## [Goal of the exercise]
Nothing but the lines from the one containing "This falls 4.9 seconds after image 1." through the end of the material should be restated, and each exactly.

## [Entries provided]
== Segment start ==
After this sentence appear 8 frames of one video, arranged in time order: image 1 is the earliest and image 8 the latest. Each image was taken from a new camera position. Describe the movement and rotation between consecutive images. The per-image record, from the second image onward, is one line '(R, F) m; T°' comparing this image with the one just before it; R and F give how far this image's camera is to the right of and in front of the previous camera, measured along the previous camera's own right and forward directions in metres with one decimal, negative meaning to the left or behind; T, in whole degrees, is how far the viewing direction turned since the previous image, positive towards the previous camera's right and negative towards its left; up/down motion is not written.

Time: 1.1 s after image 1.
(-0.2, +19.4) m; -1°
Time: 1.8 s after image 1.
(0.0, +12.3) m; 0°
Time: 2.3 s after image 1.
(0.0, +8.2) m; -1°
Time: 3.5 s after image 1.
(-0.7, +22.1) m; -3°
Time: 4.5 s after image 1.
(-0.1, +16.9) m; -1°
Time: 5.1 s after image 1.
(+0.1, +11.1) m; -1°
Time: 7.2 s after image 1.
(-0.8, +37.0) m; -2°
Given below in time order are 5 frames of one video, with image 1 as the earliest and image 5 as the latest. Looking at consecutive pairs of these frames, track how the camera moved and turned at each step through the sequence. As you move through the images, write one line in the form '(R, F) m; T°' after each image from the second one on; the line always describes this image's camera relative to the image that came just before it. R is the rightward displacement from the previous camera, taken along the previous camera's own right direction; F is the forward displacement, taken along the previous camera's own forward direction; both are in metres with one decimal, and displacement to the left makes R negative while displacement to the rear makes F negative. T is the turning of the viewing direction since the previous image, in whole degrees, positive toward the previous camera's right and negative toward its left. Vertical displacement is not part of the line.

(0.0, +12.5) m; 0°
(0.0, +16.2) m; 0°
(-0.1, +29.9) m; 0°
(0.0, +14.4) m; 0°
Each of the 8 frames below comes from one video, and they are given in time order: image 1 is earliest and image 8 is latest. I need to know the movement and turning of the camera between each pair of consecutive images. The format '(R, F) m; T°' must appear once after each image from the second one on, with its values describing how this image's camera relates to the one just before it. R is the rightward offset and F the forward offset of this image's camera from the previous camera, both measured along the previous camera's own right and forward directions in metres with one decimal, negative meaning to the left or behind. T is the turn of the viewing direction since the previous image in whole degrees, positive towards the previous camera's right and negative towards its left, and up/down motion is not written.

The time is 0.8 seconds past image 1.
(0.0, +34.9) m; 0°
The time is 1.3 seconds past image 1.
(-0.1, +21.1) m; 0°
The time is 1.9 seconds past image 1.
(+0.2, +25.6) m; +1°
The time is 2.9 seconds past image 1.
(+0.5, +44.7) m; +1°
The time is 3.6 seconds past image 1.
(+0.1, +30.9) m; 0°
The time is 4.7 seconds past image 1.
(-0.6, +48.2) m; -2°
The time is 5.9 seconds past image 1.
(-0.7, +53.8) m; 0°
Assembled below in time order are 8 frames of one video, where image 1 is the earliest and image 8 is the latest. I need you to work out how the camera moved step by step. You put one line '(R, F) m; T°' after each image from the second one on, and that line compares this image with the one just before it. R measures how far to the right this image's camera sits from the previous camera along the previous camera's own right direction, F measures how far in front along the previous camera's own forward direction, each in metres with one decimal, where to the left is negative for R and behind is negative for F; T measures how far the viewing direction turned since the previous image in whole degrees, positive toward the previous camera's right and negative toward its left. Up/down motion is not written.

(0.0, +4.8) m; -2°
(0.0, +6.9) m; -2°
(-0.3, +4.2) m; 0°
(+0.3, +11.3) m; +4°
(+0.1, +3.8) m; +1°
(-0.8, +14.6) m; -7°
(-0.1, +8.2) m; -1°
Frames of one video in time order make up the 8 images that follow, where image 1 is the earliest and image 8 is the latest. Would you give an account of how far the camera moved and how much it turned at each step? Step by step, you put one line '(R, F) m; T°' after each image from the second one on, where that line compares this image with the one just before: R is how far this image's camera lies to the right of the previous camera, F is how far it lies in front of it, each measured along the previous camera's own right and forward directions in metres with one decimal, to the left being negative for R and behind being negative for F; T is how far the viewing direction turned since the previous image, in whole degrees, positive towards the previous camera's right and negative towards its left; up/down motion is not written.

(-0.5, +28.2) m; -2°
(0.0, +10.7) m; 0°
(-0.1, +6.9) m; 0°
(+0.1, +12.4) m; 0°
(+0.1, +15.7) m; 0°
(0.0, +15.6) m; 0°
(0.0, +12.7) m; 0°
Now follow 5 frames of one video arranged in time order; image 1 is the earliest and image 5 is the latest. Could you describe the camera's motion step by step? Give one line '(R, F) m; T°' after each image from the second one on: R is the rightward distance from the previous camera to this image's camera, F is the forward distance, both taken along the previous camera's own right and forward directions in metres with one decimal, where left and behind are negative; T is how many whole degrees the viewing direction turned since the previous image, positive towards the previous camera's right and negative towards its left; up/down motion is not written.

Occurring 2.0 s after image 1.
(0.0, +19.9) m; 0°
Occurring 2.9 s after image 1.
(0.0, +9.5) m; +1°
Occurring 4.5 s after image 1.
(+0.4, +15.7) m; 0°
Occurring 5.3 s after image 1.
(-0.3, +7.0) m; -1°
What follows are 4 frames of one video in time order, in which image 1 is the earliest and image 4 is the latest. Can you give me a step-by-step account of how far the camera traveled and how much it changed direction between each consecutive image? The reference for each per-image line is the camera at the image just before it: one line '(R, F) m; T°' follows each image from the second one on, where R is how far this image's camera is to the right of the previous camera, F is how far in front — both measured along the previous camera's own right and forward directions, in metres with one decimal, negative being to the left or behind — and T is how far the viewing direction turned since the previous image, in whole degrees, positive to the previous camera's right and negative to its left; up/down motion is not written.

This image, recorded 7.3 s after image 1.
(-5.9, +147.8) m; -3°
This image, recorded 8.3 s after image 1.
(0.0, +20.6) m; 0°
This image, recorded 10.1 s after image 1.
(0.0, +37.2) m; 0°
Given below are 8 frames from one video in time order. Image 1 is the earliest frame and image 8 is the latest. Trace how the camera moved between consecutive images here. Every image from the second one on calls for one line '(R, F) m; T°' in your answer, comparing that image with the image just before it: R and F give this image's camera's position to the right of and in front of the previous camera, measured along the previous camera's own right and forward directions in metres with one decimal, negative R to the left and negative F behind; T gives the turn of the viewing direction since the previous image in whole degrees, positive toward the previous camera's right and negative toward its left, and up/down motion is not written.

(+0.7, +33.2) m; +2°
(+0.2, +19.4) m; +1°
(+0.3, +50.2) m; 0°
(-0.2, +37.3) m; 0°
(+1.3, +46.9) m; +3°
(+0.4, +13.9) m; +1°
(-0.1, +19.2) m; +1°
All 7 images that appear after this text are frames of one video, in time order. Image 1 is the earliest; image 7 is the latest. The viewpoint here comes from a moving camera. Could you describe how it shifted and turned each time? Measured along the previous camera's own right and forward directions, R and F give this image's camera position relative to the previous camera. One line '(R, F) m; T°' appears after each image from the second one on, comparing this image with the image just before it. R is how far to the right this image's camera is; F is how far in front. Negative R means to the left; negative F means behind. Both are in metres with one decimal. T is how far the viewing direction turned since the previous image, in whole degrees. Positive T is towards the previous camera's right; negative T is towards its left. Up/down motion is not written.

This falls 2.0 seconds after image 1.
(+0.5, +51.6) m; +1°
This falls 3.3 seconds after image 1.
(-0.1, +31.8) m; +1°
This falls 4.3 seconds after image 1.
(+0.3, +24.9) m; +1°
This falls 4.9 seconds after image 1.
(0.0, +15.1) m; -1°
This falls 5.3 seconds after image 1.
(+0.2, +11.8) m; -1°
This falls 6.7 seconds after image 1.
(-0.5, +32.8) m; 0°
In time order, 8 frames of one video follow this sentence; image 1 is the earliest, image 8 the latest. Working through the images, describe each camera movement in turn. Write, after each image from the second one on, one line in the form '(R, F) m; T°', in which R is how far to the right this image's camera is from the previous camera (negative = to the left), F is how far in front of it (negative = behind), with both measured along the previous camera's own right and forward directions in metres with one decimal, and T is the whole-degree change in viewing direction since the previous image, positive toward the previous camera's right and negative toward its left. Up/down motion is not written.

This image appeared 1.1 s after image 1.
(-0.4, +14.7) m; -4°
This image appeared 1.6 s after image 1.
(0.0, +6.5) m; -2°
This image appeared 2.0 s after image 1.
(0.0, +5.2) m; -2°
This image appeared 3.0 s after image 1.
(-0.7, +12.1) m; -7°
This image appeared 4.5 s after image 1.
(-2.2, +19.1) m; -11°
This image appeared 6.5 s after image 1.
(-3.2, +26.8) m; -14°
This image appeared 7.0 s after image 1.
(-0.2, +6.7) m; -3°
== Segment end ==
## [Solution for this exercise]
This falls 4.9 seconds after image 1.
(0.0, +15.1) m; -1°
This falls 5.3 seconds after image 1.
(+0.2, +11.8) m; -1°
This falls 6.7 seconds after image 1.
(-0.5, +32.8) m; 0°
In time order, 8 frames of one video follow this sentence; image 1 is the earliest, image 8 the latest. Working through the images, describe each camera movement in turn. Write, after each image from the second one on, one line in the form '(R, F) m; T°', in which R is how far to the right this image's camera is from the previous camera (negative = to the left), F is how far in front of it (negative = behind), with both measured along the previous camera's own right and forward directions in metres with one decimal, and T is the whole-degree change in viewing direction since the previous image, positive toward the previous camera's right and negative toward its left. Up/down motion is not written.

This image appeared 1.1 s after image 1.
(-0.4, +14.7) m; -4°
This image appeared 1.6 s after image 1.
(0.0, +6.5) m; -2°
This image appeared 2.0 s after image 1.
(0.0, +5.2) m; -2°
This image appeared 3.0 s after image 1.
(-0.7, +12.1) m; -7°
This image appeared 4.5 s after image 1.
(-2.2, +19.1) m; -11°
This image appeared 6.5 s after image 1.
(-3.2, +26.8) m; -14°
This image appeared 7.0 s after image 1.
(-0.2, +6.7) m; -3°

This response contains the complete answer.